[Linux-cluster] Lock Resources

Fri May 2 12:41:00 UTC 2008

Ja S wrote:
> Hi, Christine:
> 
> Really appreciate your prompt and kind reply. 
> 
> I have some further questions.
> 
> 
>>> 1. Whether the kernel on each server/node is going
>> to
>>> initialize a number of empty lock resources after
>>> completely rebooting the cluster? 
>>>
>>> 2. If so, what is the default value of the number
>> of
>>> empty lock resources? Is it configurable?
>> There is no such thing as an "empty" lock resource.
>> Lock resources are
>> allocated from kernel memory as required. That does
>> mean that the number
>> of resources that can be held on a node is limited
>> by the amount of
>> physical memory in the system. 
> 
> Does it mean the cache allocated for disk IO will be
> reduced to meet the need of more lock resources? 
> 
> If so, for an extremely busy node, when reducing the
> cache, the physical disk IO will increase, which in
> turn increases the processing time (as disk IO is much
> slower than accessing cache), which then in turn
> increases the period of holding the lock resources,
> which in turn makes the kernel grab more memory space
> that should be used for cache in order to create new
> lock resources for new requests, and on and on, and
> eventually ends up to a no-cache situtation at all.
> Would this case ever happen?

I suppose it could happen, yes. There are tuning values for GFS you can
use to make it flush unused locks more frequently but if the locks are
needed then they are needed!

> 
>> I think this addresses 3 & 4.
> 
> Yes, your answer does address them. Thank you.
> However, what will happen if an extremely busy
> application needs to write more new files thus the
> kernel needs to allocate more lock resources but the
> physical memory limit has been reached and all
> existing lock resources cannot be released? I guess
> the kernel will simply force the application go into
> an uninterruptable sleep until some lock resources are
> released or some memories are freed. Am I right?

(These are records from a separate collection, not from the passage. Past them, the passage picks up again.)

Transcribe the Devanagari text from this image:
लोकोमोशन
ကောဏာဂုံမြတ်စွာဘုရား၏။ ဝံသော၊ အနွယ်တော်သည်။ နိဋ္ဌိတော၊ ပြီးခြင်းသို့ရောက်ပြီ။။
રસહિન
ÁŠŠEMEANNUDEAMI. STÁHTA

I think so yes. The VMM is not my speciality

> 
> 
>>> 3. Whether the number of lock resources is fixed
>>> regardless the load of the server?
>>>
>>> 4. If not, how the number of lock resources will
>> be
>>> expended under a heavy load?
>>>
>>> 5. The lock manager maintains a cluster-wide
>> directory
>>> of the locations of the master copy of all the
>> lock
>>> resources within the cluster and evenly divides
>> the
>>> content of the directory across all nodes. How can
>> I
>>> check the content held by a node (what command or
>>> API)?
>> On RHEL4 (cluster 1) systems the lock directory is
>> viewable in
>> /proc/cluster/dlm_dir. I don't think there is
>> currently any equivalent
>> in RHEL5 (cluster 2)
> 
> Thanks. Very helpful. From the busiest node A the
> first several lines of dlm_dir are below. How to
> interpret them, please? 
> 
> DLM lockspace 'data'
>        5         2f06768 1
>        5          114d15 1
>        5          120b13 1
>        5         5bd1f04 1
>        3          6a02f8 2
>        5          cb7604 1
>        5          ca187b 1
> 

The first two numbers are the lock name. Don't ask me what they mean,
that's a GFS question! (actually, I think inode numbers might be
involved) The last number is the nodeID on which the lock is mastered.

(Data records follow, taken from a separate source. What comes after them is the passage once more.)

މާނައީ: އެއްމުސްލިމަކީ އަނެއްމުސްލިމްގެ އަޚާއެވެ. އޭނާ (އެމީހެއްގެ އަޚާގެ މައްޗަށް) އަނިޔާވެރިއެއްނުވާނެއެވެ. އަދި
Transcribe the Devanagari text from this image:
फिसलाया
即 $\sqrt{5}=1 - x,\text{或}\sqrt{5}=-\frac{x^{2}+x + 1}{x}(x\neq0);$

> Also there are many files under /proc/cluster, Could
> you please direct me to a place where I can find the
> usages of these files and descriptions of their
> content? 

They are not well documented. Mainly because they are subject to change
and are not a recognised API. Maybe something could be put onto the
cluster wiki at some point.

>>> 6. If only one node A is busy while other nodes
>> are
>>> idle all the time,  does it mean that the node A
>> holds
>>> a very big master copy of lock resources and other
>>> nodes have nothing?
>> That's correct. There is no point in mastering locks
>> on a remote node as
>> it will just slow access down for the only node
>> using those locks.
>>
>>> 7. For the above case, what would be the content
>> of
>>> the cluster-wide directory? Only one entry as only
>> the
>>> node A is really doing IO, or many entries and the
>>> number of entries is the same as the number of
>> used
>>> lock resources on the node A? If the latter case
>> is
>>> true, will the lock manager still divide the
>> content
>>> evenly to other nodes? If so, would it costs the
>> node
>>> A extra time on finding the location of the lock
>>> resources, which is just on itself,  by messaging
>>> other nodes?
>> You're correct that the lock directory will still be
>> distributed around
>> the cluster in this case and that it causes network
>> traffic. It isn't a
>> lot of network traffic (and there needs to be some
>> way of determining
>> where a resource is mastered; a node does not know,
>> initially, if it is
>> the only node that is using a resource). 
> 
> 
> 
>> That lookup only happens the first time
>> a resource is used by a node, once the
>> node knows where the master is, 
>> it does not need to look it up again,
>> unless it releases all
>> locks on the resource.
>>
> 
> Oh, I see. Just to further clarify, does it means if
> the same lock resource is required again by an
> application on the node A, the node A will go straight
> to the known node (ie the node B) which holds the
> master previously, but needs to lookup again if the
> node B has already released the lock resource?

Not quite. A resource is mastered on a node for as long as there are
locks for it. If node A gets the lock (which is mastered on node B) then
it knows always to go do node B until all locks on node A are released.
When that happens the local copy of the resource on node A is released
including the reference to node B. If all the locks on node B are
released (but A still has some) then the resource will stay mastered on
node B and nodes that still have locks on that resource will know where
to find it without a directory lookup.

-- 

Chrissie